Any thoughts on the expiration of the short selling ban today?

How about the TED spread maintaining/achieving new "wides"?

Finally, is "this time different" insofar as there is an internet full of blogging financial analysts? Are we going to (could we) extend the fall (in your guesstimation) as a result of so many commenting that (A) the first leg up from a bear market can be very large (translation, don't sell! translation, delay inevitable capitulation...?), and (B) the government is (central banks are) proactively addressing this..

My thought is that we have sped up the process so that there are now too many opportunities for "false starts". Or are these false starts (bear rallies?) common in all bear markets, but we're going to see more of them because of the speed and depth of information transfer?

My fear is that this process will be extended and protracted as there are more "weak hands" than ever convinced that the "first big leg up" is just around the corner.

Even the main stream media has been blathering on about how we might be "forming a bottom" (suggesting it's still too early to buy).
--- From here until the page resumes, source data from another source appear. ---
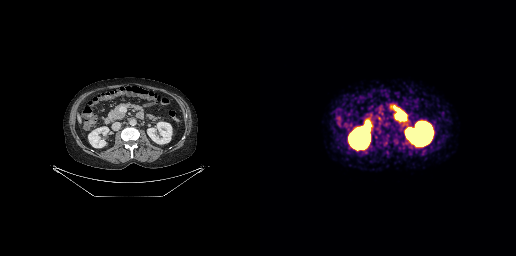
{"modality":"PSMA PET/CT","view":"axial","tracer":"68Ga-PSMA","pet_grid":[256,256],"coord_frame":"pet_panel","coord_format":"x0,y0,x1,y1","psma_avid_lesions":false}
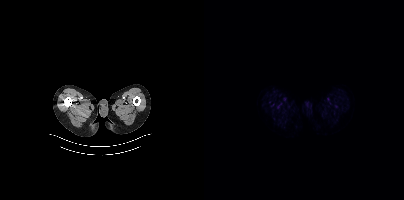
{"modality":"PSMA PET/CT","view":"axial","tracer":"18F","pet_grid":[200,200],"coord_frame":"pet_panel","coord_format":"x0,y0,x1,y1","psma_avid_lesions":false}
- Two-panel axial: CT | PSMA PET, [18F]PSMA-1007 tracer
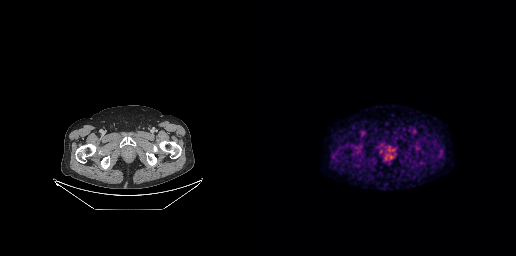
Findings: This slice has no annotated PSMA-avid lesion.
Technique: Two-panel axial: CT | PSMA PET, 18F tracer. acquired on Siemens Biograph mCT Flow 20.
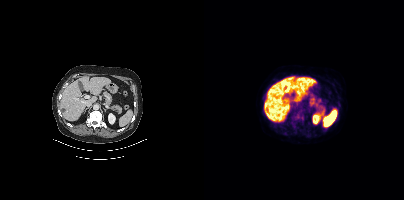
Findings: Negative for PSMA-avid disease on this slice.

When everyone is able to be "smart" about their response, the potential for a head fake seems enormous.

R in NY

winslow said...

Roger - off point, but would like your feedback. In order to work our way out of this financial tsunami, what if Fannie & Freddie were directed to provide direct 3.5 - 4% 30yr mortgage paper directly to the homeowner. If refinancing, the current obligation would need to be financed but at a much lower rate, which would lower monthly payments. Fannie & Freddie can sell this paper to other banks with a government guarantee or perhaps can be sold directly to the public. Perhaps this could run as a 2 year program.
Does this seem like a plausible idea?

Melissa Evangeline Keyes said...

Here's a prediction for you, Roger....

http://www.noeltyl.com/cgi-bin/webbbs/webbbs_config.pl?read=184354

Anonymous said...

I second R in NY, with the amount of information in media and blogs vastly exceeding similar episodes in the past will it change the market dynamics this time? For example it is now official that Monday was not capitulation. I don't see how to how to invest in this environment full of opinions masquerading as information, except by using some kind of stochastic model.

PS:
It looks like we are in for a long period of "negative growth".
Also, the US dollar may become "increasingly worthless."
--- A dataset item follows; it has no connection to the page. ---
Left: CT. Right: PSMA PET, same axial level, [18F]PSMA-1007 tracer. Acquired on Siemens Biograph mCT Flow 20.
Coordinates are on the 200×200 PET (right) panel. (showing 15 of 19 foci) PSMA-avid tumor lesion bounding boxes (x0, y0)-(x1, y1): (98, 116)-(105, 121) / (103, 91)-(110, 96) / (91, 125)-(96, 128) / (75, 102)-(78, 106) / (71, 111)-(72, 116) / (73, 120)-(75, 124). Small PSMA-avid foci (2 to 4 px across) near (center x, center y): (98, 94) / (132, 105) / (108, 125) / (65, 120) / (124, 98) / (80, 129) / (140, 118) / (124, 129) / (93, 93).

This quote from Nouriel Roubini yesterday gets a "minus plus":

"... at this point, I don't think there is much reason to be optimistic, I'm afraid."

Jim

Anonymous said...

anon 653 - I base it on the fact that no one has any faith in the financial system right now, house prices continue to decline, consumer and government debt is out of control, unemployment is rising, etc, etc, etc.

s&p 800 is a done deal. it might not happen next week or even next month, but the low will be around that level, if not a lot further down

Stephen Drone said...

This could be an interesting change to the government's bailout plan. Give the capital directly to banks instead of taking their crappy assets.

RW said...

It's a schizophrenic feeling: trading is proceeding, not entirely normally but working none-the-less, and yet there is a strong sense we are not in Kansas anymore, that literally anything could happen. I'll work the fields until it gets too muddy and then go home, prop my feet up and wait for things to dry out; some seasons are tougher than others but the cycle goes on (shrug).
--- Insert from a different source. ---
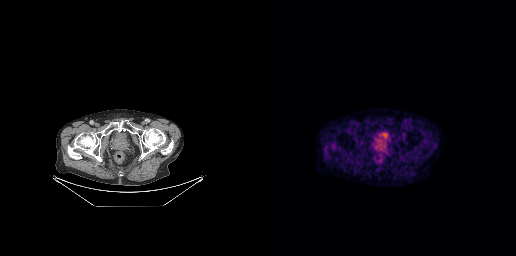
Paired axial CT (left) and PSMA PET (right), 18F-PSMA tracer. Acquired on GE Discovery 690. Slice position z = -794 mm. PET panel 256×256 px (2.7 mm/px). No tumor lesions annotated on this slice.

From a macroeconomic perspective there is still more bad news than good out there but markets are anticipatory (not predictive unfortunately) so what is known has been pretty well discounted in current prices. Whether this sets any kind of bottom depends on whether the respective governments and central banks can keep the credit wheel from completely freezing up or flying apart; if not then S&P 800 or even 500 may appear optimistic, if so then a new cyclical bull becomes highly likely (Bill Cara suspects we may already be there but even though I am making some trades in that direction I'm not that confident). JMO, FWIW and all that.

Regardless it has been an interesting week thus far.

Tom K said...

Going out on a limb - as of the today, the bottom is in.

Roger Nusbaum said...

Very busy morning, which i'll blog about tomorrow, so just catching up now.

Sandeep, China is easier for me to see than India. I also think the surplus countries and commodity countries look good, as always I am talking moderation.

S&P 800? Flackdoodle! The logic from a TA standpoint is actually very easy to see however I do think there are other stopping points, and I do not think it will go that low.

Wall Street terminology, a friend emailed that to me, I hope to not be too much of a CIO; chief idiotic officer.

the short selling ban, imo impeded liquidity at exactly the wrong time, bringing back that liquidity seems like a good idea to me.

blogs influencing sentiment? i think the readership is simply too small for that to be the case. we have clients that do not know about this blog (a detail they just don't hold onto). Think of all the 401k participants at all the companies doing hard work all day, they don't have time for blogs. JMO. if the bear meanders as you fear (which is possible of course) it won't be because of blogs, we are not in the stream of consciousness like that yet.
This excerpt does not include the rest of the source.